- **TASK DESCRIPTION**
Make an exact copy of the records below, excluding images.

- **AVAILABLE DATA**
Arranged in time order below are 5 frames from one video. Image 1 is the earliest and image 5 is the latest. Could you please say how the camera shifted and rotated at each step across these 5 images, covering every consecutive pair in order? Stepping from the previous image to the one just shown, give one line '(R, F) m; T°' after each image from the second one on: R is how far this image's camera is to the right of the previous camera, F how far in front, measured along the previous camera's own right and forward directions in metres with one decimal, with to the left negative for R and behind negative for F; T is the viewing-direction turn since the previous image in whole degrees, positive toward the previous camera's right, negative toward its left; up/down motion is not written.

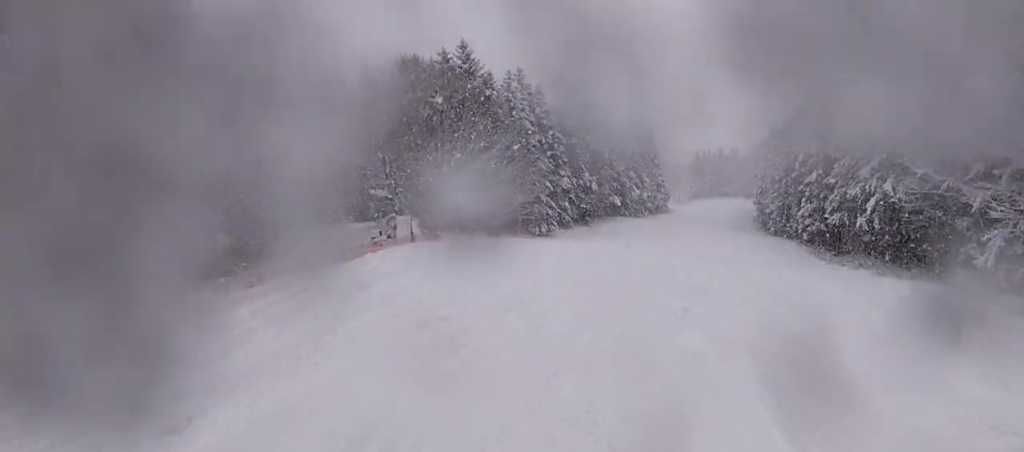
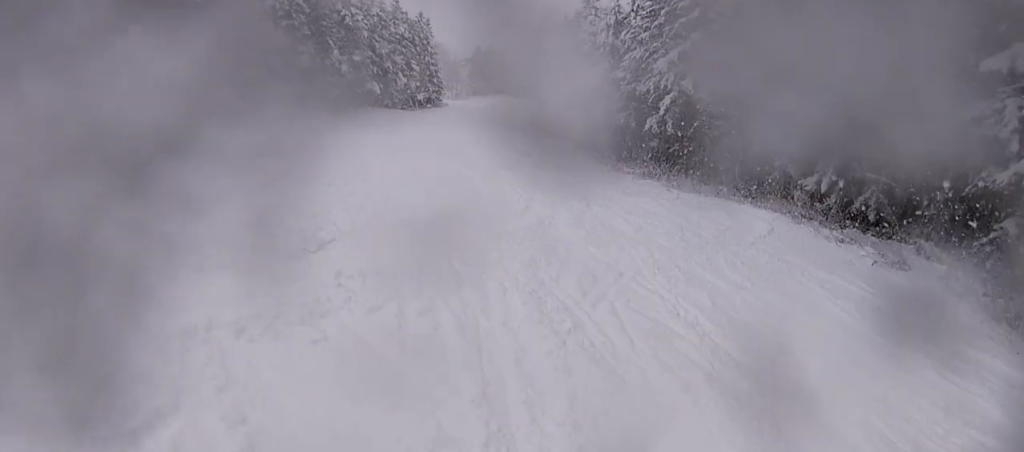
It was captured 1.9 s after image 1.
(+0.5, +10.9) m; +15°
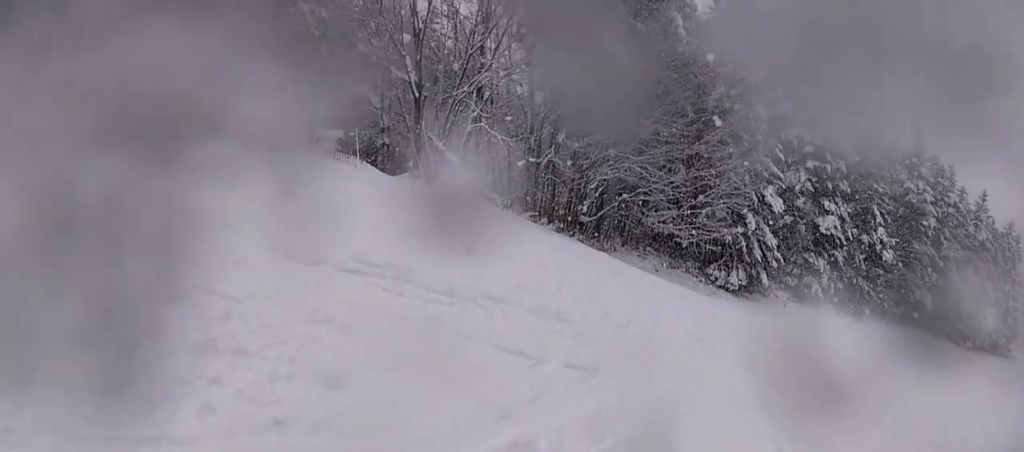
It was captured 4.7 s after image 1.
(-5.2, +13.2) m; -46°
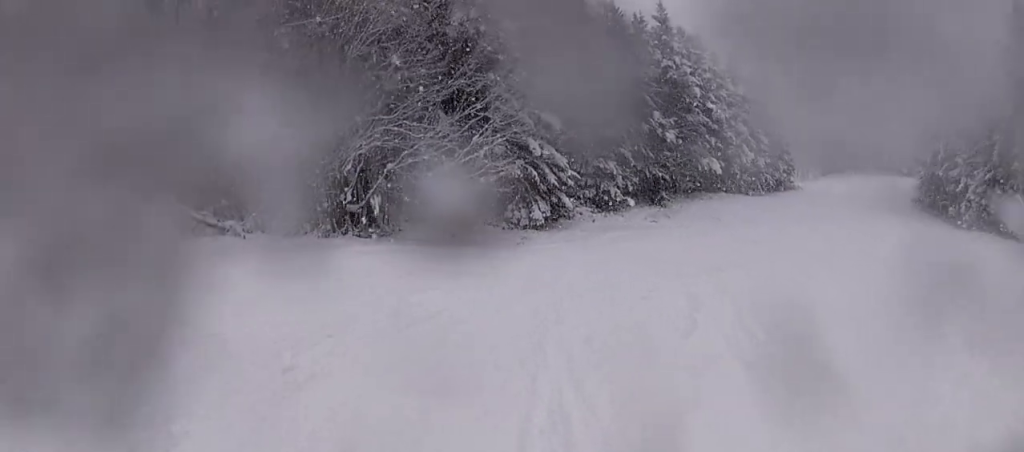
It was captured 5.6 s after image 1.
(-0.1, +5.1) m; +9°
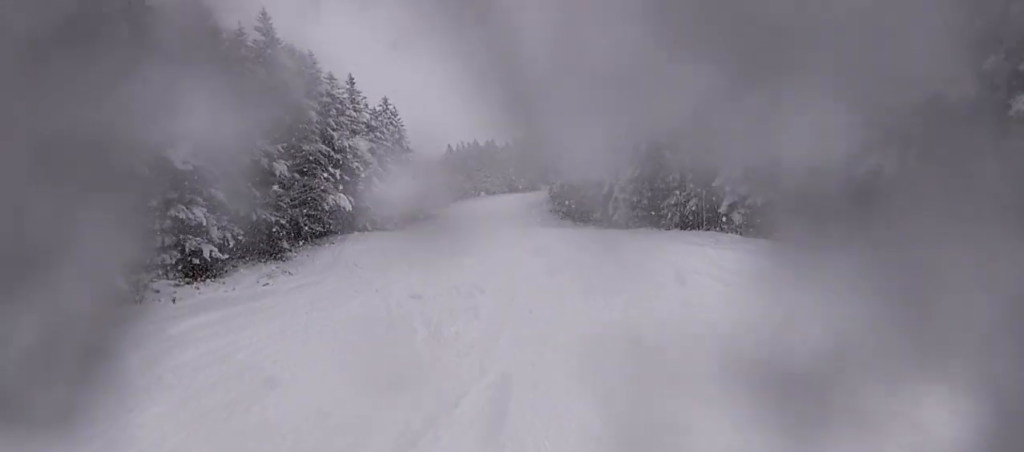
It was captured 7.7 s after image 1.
(+3.6, +11.1) m; +34°

- **WRITTEN ANSWER**
Arranged in time order below are 5 frames from one video. Image 1 is the earliest and image 5 is the latest. Could you please say how the camera shifted and rotated at each step across these 5 images, covering every consecutive pair in order? Stepping from the previous image to the one just shown, give one line '(R, F) m; T°' after each image from the second one on: R is how far this image's camera is to the right of the previous camera, F how far in front, measured along the previous camera's own right and forward directions in metres with one decimal, with to the left negative for R and behind negative for F; T is the viewing-direction turn since the previous image in whole degrees, positive toward the previous camera's right, negative toward its left; up/down motion is not written.

It was captured 1.9 s after image 1.
(+0.5, +10.9) m; +15°
It was captured 4.7 s after image 1.
(-5.2, +13.2) m; -46°
It was captured 5.6 s after image 1.
(-0.1, +5.1) m; +9°
It was captured 7.7 s after image 1.
(+3.6, +11.1) m; +34°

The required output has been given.